**Material for the task**
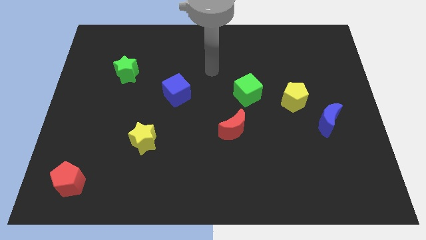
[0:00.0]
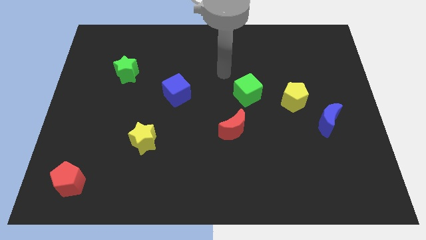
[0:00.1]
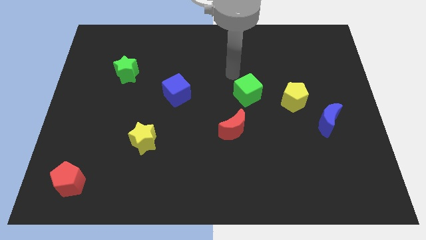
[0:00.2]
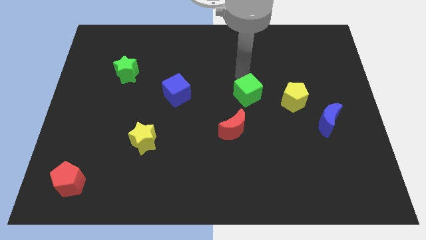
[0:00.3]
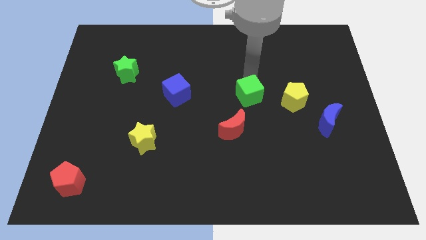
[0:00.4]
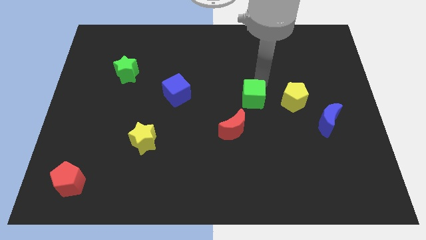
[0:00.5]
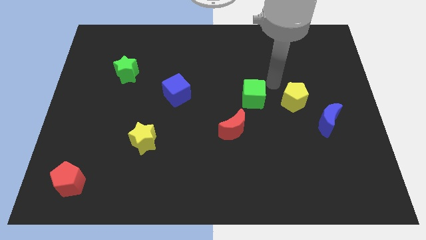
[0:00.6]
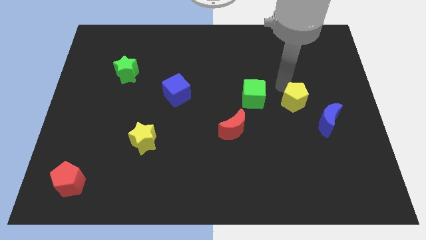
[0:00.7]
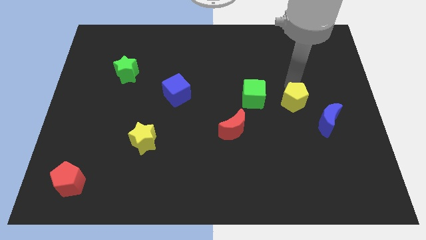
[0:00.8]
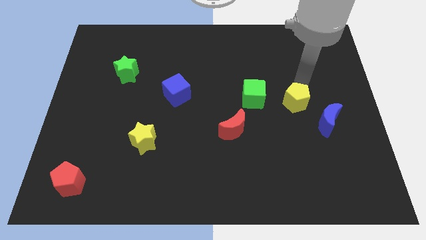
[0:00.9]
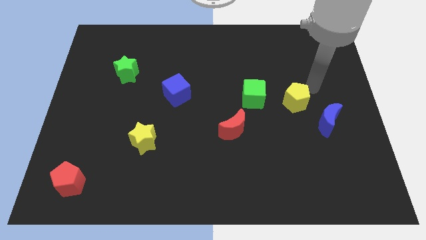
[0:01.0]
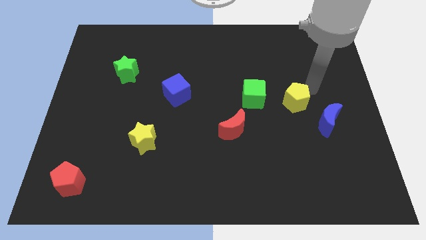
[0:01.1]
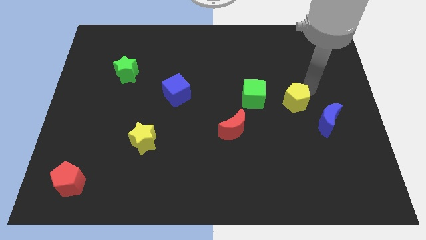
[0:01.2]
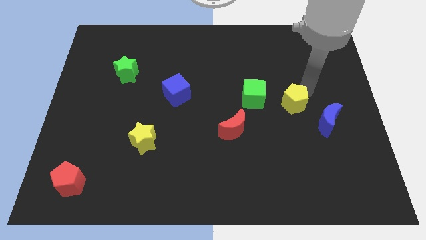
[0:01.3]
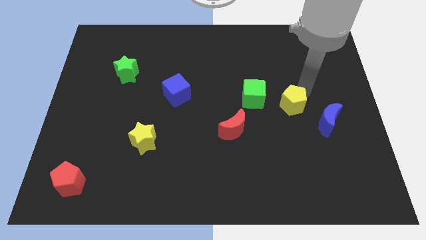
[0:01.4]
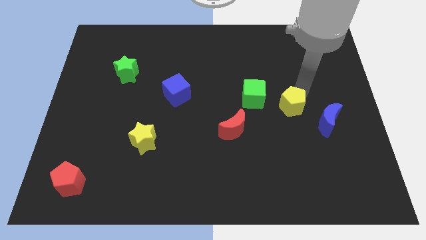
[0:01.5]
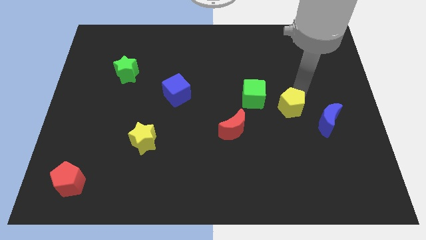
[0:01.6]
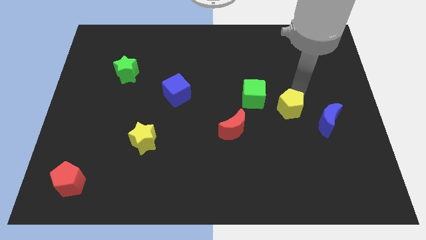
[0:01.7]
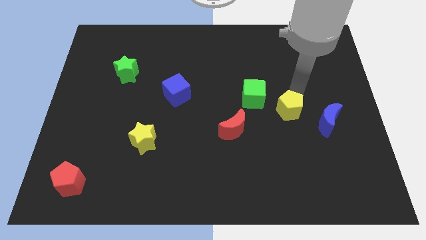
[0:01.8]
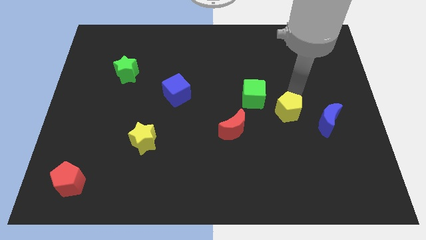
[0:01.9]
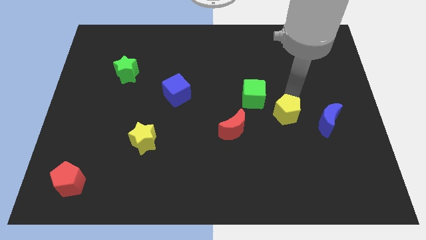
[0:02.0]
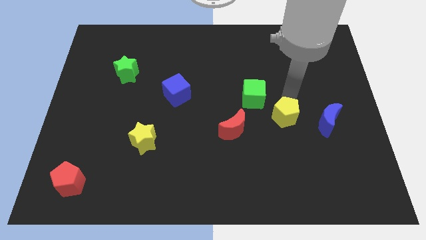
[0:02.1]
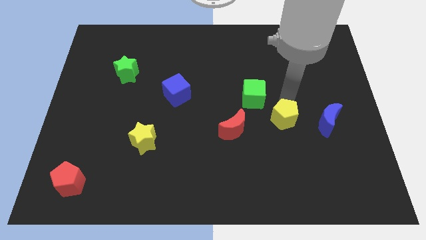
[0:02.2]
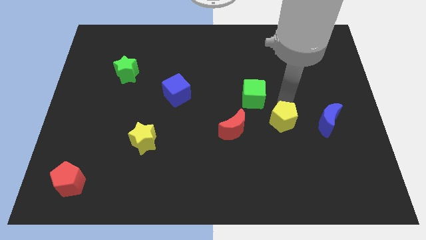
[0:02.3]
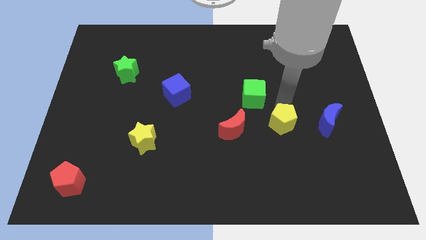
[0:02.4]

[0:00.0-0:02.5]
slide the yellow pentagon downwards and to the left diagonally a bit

**Task statement**
A faithful copy of all the data above, without its pictures, is the expected result.

**Task output**
[0:00.0]
[0:00.1]
[0:00.2]
[0:00.3]
[0:00.4]
[0:00.5]
[0:00.6]
[0:00.7]
[0:00.8]
[0:00.9]
[0:01.0]
[0:01.1]
[0:01.2]
[0:01.3]
[0:01.4]
[0:01.5]
[0:01.6]
[0:01.7]
[0:01.8]
[0:01.9]
[0:02.0]
[0:02.1]
[0:02.2]
[0:02.3]
[0:02.4]

[0:00.0-0:02.5]
slide the yellow pentagon downwards and to the left diagonally a bit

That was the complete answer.